De fiscale administratie kon reeds voor de uitwerking van het zomerakkoord een schadevergoeding vorderen en zich aldus burgerlijke partij stellen. Sinds het arrest van het Hof van Cassatie van 25 mei 2011 (Cassatie 25 mei 2011, FJF 2011, 242), hetgeen dit recht enigszins afbakende, bestond over de invulling van dit recht enige discussie.
Wat is er precies veranderd? De wetgever stelt expliciet dat de toepassing van artikel 458 WIB 92 (hoofdelijke gehoudenheid) de toepassing van het gemeen recht, lees de burgerlijke partijstelling of gemeenrechtelijke aansprakelijkheidsvordering op grond van artikel 1382 e.v. B.W., niet meer in de weg staat.

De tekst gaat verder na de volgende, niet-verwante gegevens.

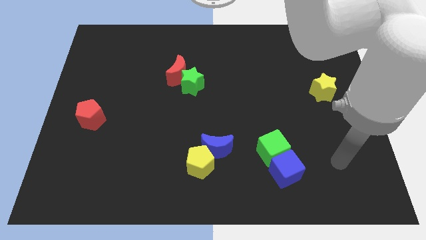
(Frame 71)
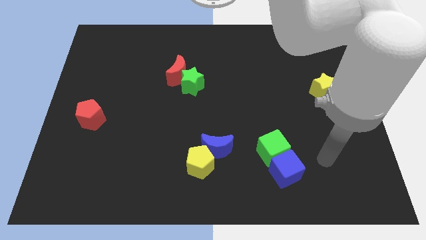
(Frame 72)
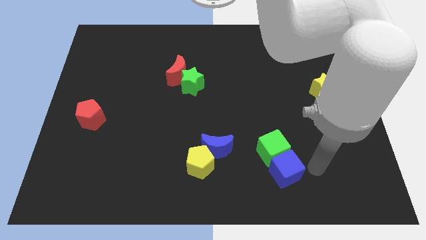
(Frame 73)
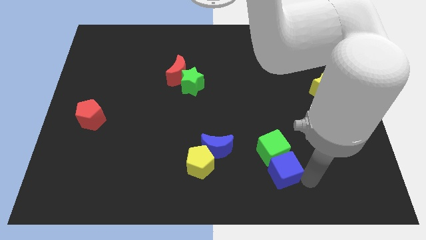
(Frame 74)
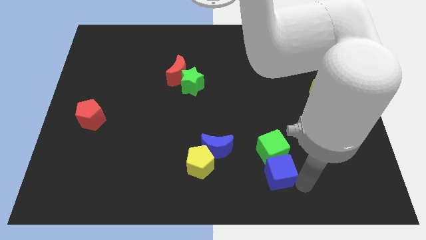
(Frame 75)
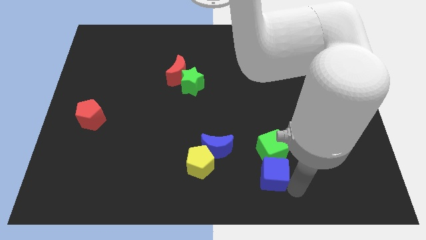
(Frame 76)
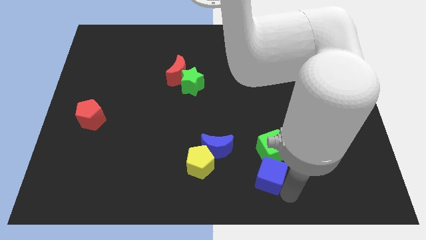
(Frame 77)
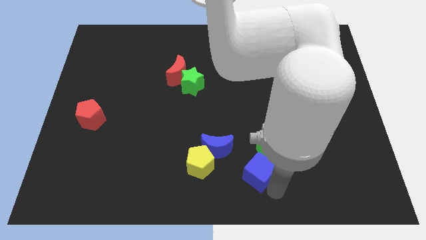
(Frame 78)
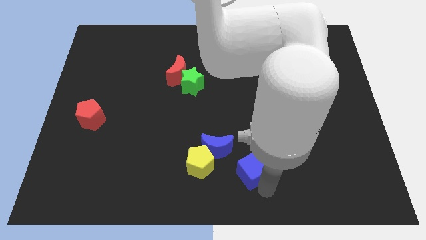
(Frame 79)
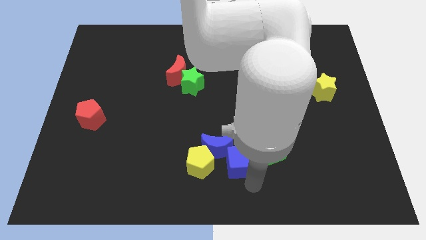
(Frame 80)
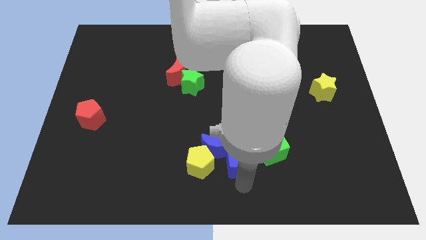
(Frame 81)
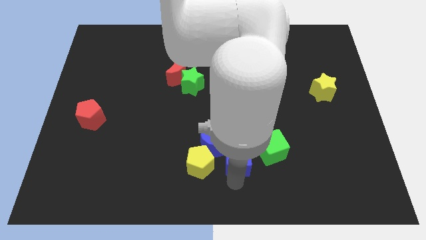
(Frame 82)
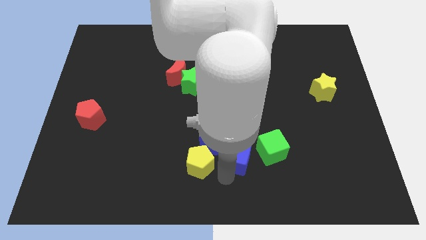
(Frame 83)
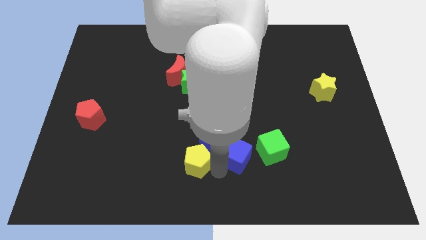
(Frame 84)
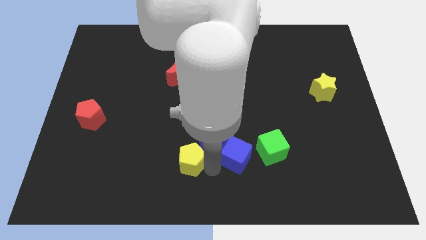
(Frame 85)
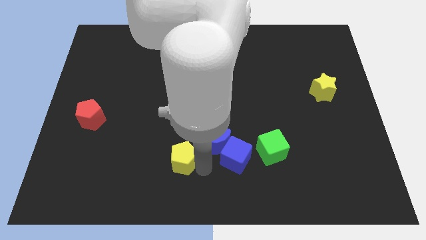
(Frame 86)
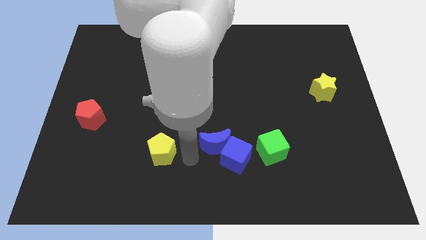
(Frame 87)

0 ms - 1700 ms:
pull the blue moon apart from the yellow pentagon

Cassatie stelde in 2011 immers dat een cumul van beide vorderingsrechten niet mogelijk was. Eenzelfde bepaling wordt ook geïntroduceerd in andere takken van het fiscaal recht zoals btw, erf- en registratiebelasting. - Maatregelen in strijd tegen fiscale fraude
Teneinde de strijd tegen fiscale fraude verder te zetten, worden de bevoegdheden van de fiscale administratie op twee punten uitgebreid.

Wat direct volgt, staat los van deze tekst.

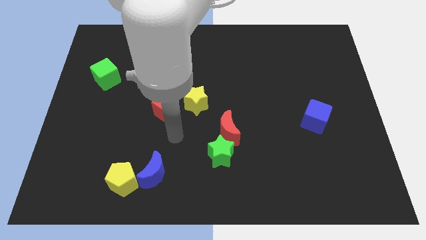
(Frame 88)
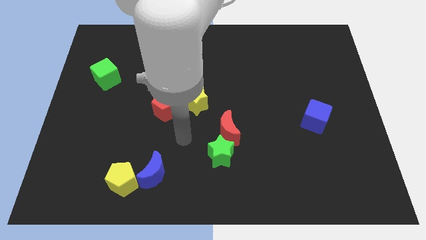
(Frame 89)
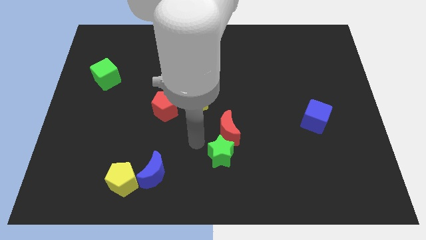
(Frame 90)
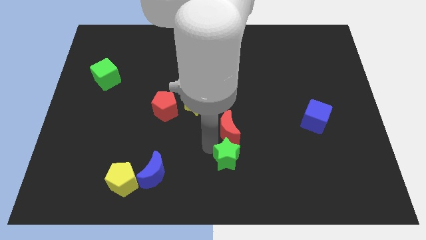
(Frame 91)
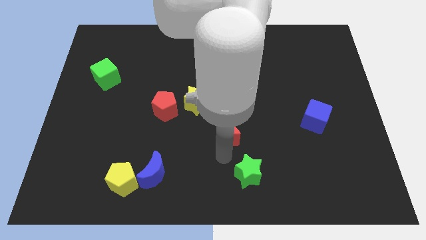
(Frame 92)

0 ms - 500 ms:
pull the red moon apart from the green star

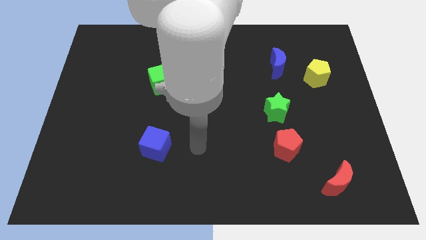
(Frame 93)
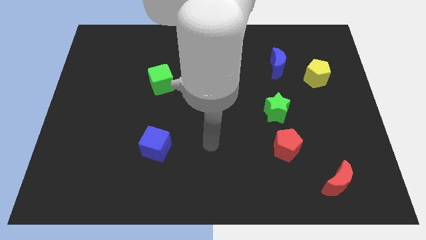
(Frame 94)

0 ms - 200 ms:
move the red pentagon away from the green star

Indien een controle of een onderzoek uitwijst dat een welbepaalde belastingplichtige de bepalingen van het (KB)WIB 92 dan wel de uitvoeringsbesluiten ervan inzake roerende voorheffing of bedrijfsvoorheffing heeft geschonden gedurende een periode van vijf voor voorafgaand aan de vaststelling van de inbreuk, verkrijgt de administratie een bijkomende termijn van twaalf maanden om een aanslag te vestigen. Deze begint te lopen vanaf de vaststelling van de inbreuk. Het nieuwe artikel 333/3 WIB 92 stelt de administratie thans ook in de mogelijkheid om gedurende de buitengewone aanslagtermijn van twaalf maanden inzake roerende voorheffing nog onderzoek te verrichten. De reeds bestaande aanslagtermijn wordt nu dus ook een onderzoekstermijn, weliswaar beperkt tot roerende voorheffing.
Verder werd artikel 337 WIB 92 aangepast, zodat ambtenaren tijdens een fiscale controle “een beroep kunnen doen op de specifieke kennis en de ervaring van de personeelsleden van het Federaal Agentschap van de Schuld”. Voortaan kan men dus onder meer te rade gaan bij de Cel Verrekenprijzen.